In order to govern the groundwater drawdown funnel, three scenarios were designed in accordance with the South to North Water Diversion Project. As shown in Fig. 4e, f, g, compared to scenario A, groundwater level in the drawdown funnel area is likely to increase significantly through replacement of groundwater and the greater the replacement, the more the rising of the groundwater level. The maximum rise of the water level in the funnel centre was 35 m and the area of the drawdown funnel was shown to obviously reduce. When the replacement water reached 100%, as indicated in Fig. 4g, there was almost no drawdown funnel in the study area and the groundwater flow returned to the natural state from south to north. But in most areas, the trend of groundwater level decline in most areas is still not solved. In summary, the concentrated exploitation of groundwater was found to be the main reason for the drawdown funnel and agricultural irrigation was the main reason for the decline in groundwater levels across large areas.

Water budget shows that when the replacement of water sources comes to 75% of current exploitation, the total water budget of the groundwater system achieves balance. However, it is evident from the flow field that there is still a small part of the drawdown funnel in the study area considering the external transfer water was 0.6 × 108 m3 and could not be completely replaced. Therefore, with regards to repairing the drawdown funnel, the optimal replacement proportion was estimated to be 100%.

3.4 Scenario D: Comprehensive Scheme

In order to achieve the comprehensive management of the entire over-exploitation area, the optimal utilisation coefficient is 0.7 and the optimal replacement of water is 100%. It is evident from Fig. 4h that there is no drawdown funnel in the study area and the groundwater level in the north is higher than the sea level.
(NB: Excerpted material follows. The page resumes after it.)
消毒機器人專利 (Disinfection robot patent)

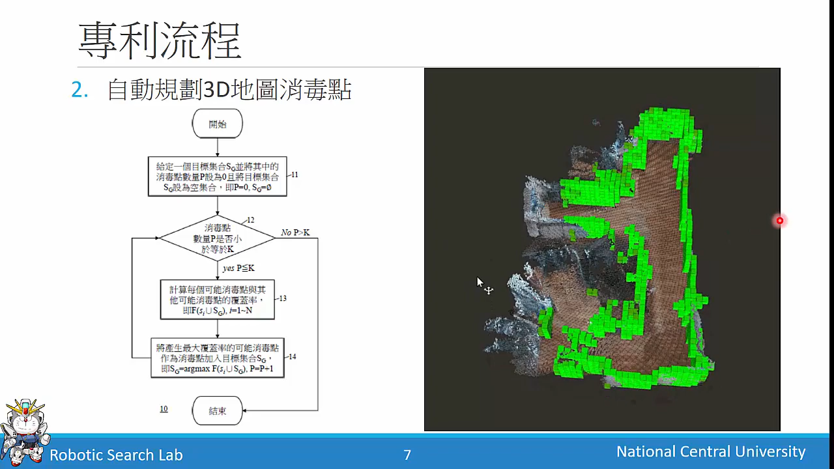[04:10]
然后绿色的地方就是它消毒的范围表面积所以我们可以看到它是可以很有效短时间的就可以覆盖大部分的面积
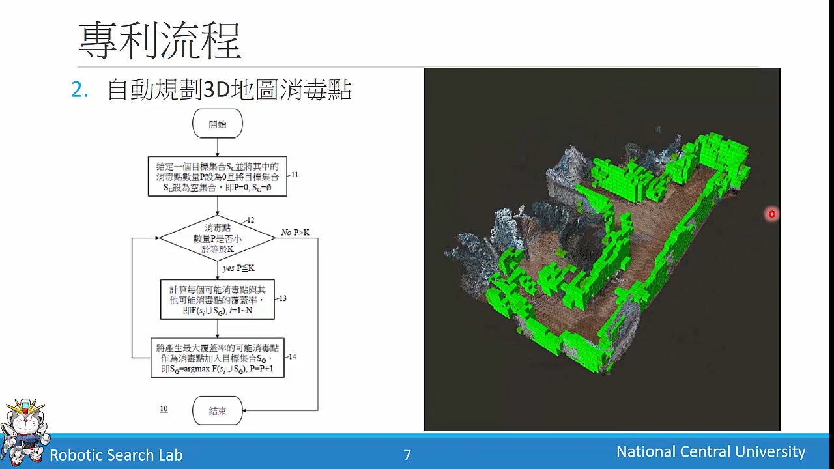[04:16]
好那算完这个10个消毒点之后呢我们就可以执行消

Additionally, the flow of water is from south to north and eventually into the Laizhou Bay. Under such scenario, the problem of overexploitation of groundwater can be alleviated and the invasion of sea water will be effectively controlled.

4 Conclusion

In this study, Visual MODFLOW was used to simulate the dynamic changes of groundwater. After calibration and validation, the model was used to predict dynamic changes of groundwater from 2014 to 2023 in the over-exploitation area of Weifang.
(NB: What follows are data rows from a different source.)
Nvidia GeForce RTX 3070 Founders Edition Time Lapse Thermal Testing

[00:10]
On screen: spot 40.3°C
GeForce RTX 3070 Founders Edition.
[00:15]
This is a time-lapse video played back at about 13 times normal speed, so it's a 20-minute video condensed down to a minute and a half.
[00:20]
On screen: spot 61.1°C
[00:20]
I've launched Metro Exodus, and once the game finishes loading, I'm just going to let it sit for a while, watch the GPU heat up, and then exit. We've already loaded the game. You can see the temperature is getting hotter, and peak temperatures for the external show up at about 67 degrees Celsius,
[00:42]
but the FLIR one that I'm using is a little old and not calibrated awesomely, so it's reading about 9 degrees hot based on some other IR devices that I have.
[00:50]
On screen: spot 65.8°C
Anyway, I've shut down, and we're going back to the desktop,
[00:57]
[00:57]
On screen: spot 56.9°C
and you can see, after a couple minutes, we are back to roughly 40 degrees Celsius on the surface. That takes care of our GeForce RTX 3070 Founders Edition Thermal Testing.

Under the current mining scenarios, the groundwater level showed different degrees of decline. In particular, the decline in most areas was estimated at a rate of 0.3–0.4 m/a and the decrease in groundwater sources ranged from 0.6–1 m/a. The maximum water depth was calculated to reach 50 m, therefore, it is important to alleviate the over-exploitation of groundwater resources. In order to restore the groundwater system, first agricultural water savings were simulated. However, from the simulation results, the utilisation coefficient of B2 was found to be less than the utilisation coefficient of B3, while the water budget of B2 was more than the water budget of B3. Therefore, a higher utilisation coefficient is not always more conducive to the restoration of groundwater system. The second simulation was based on groundwater replacement. The results indicate that the groundwater system realises balance when the replacement is 75% of the current water sources and the more the replacement water is, the better the drawdown funnel repair effect. Thus, the combination of B2 and C3 is suggested as a comprehensive plan to effectively control the over-exploitation area. These results not only provide a scientific basis for groundwater restoration in study area but also for other similar areas.